Meet the Artists – Portraits of Famous Artists

Vincent Van Gogh

(given name Vincent Willem van Gogh)

Dutch painter (1853–1890)

He was a Dutch Post-Impressionist painter who also worked in France and is among the most famous and influential figures in the history of Western art.

In just over a decade he created approximately 2100 artworks, including around 860 oil paintings, most of them in the last two years of his life.

 

Paul Klee

Swiss artist (1879-1940)

Paul Klee was a Swiss-born German artist. His highly individual style was influenced by expressionism, cubism, and surrealism.

 

Georges Seurat

French painter (1859-1891)

Georges Pierre Seurat was a French post-Impressionist artist. He devised the painting technique known as pointillism (dots of paint, letting the eye mix the colors) and chromoluminarism. For his drawings on paper, he used conté crayon on a rough paper surface.

 

René Magritte

(given name: René François Ghislain Magritte)

A Belgian artist known for his surrealism. His depictions of familiar objects in unfamiliar, unexpected contexts, often provoked questions about the nature and boundaries of reality and representation.

 

Salvadore Dali

(given name: Salvador Domingo Felipe Jacinto Dalí i Domènech, Marquess of Dalí of Púbol)

Salvador Dalí was a Spanish surrealist artist renowned for his technical skill, precise draftsmanship, and striking/bizarre images in his work. He was a showman who loved attention.

Spanish (1904-1989)

 

Camille Pissarro

(given name: Jacob Abraham Camille Pissarro)

He was a Danish-French painter born on the island of St. Thomas. His technique was more precise than most impressionist artists, and his importance resides in his contributions to both Impressionism and Post-Impressionism.

Danish-French painter (1830—1903)

 

Paul Cézanne

French painter (1839–1906)

Paul Cézanne was a French artist and Post-Impressionist painter whose work introduced new modes of representation and influenced avant-garde artistic movements of the early 20th century.

Often called the “Father of Modern Art”.

 

Pierre Bonnard

French (1867 – 1947)

He was a French painter, illustrator, and printmaker, known especially for the stylized, almost decorative quality of his paintings and color.
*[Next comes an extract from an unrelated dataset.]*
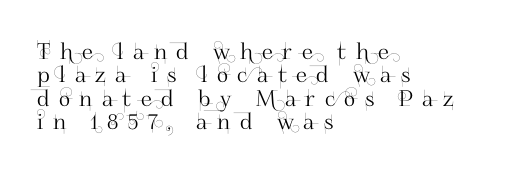
{"italic": "no", "underline": "no", "align": "left", "line_spacing": "tight", "line_spacing_ratio": 1.06, "letter_spacing": "wide", "letter_spacing_em": 0.43, "glyph_px": 22}
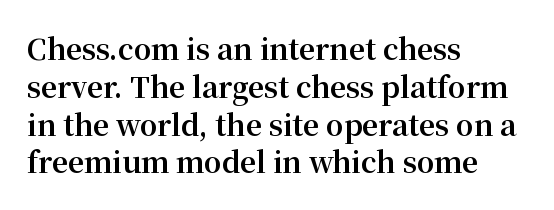
{"serif": "yes", "italic": "no", "bold": "yes", "weight": "bold", "width": "normal", "stroke_contrast": "medium", "x_height": "medium", "monospaced": "no", "underline": "no", "align": "left", "line_spacing": "normal", "line_spacing_ratio": 1.35, "letter_spacing": "normal", "letter_spacing_em": 0.0, "glyph_px": 28}

A founding member of “Les Nabis”, a Post-Impressionist group of avant-garde painters, his early work was strongly influenced by Paul Gauguin, as well as the prints of Hokusai and other Japanese artists.

 

Edvard Munch

Norwegian painter (1863–1944)

His 1893 work, “The Scream”, has become one of Western art’s most acclaimed images. His childhood was overshadowed by illness, bereavement, and the dread of inheriting a mental condition that ran in the family.

After 1906 he wanted to be known as Piet Mondrian. He was Dutch and an art theoretician (conceptual artist). Part of the De Stijl art movement and group, who is regarded as one of the greatest artists of the 20th century.

 

Henri de Toulouse-Lautrec

(given name: Comte Henri Marie Raymond de Toulouse-Lautrec-Monfa)

French painter and illustrator (1864–1901) 

 

Marc Chagall

A Russian artist working in France. His subject matter often dealt with relationships and Judaism. He was an early modernist, associated with several major artistic styles, and created works in a wide range of artistic formats, including painting, drawings, book illustrations, stained glass, stage sets, ceramics, tapestries, and fine art prints.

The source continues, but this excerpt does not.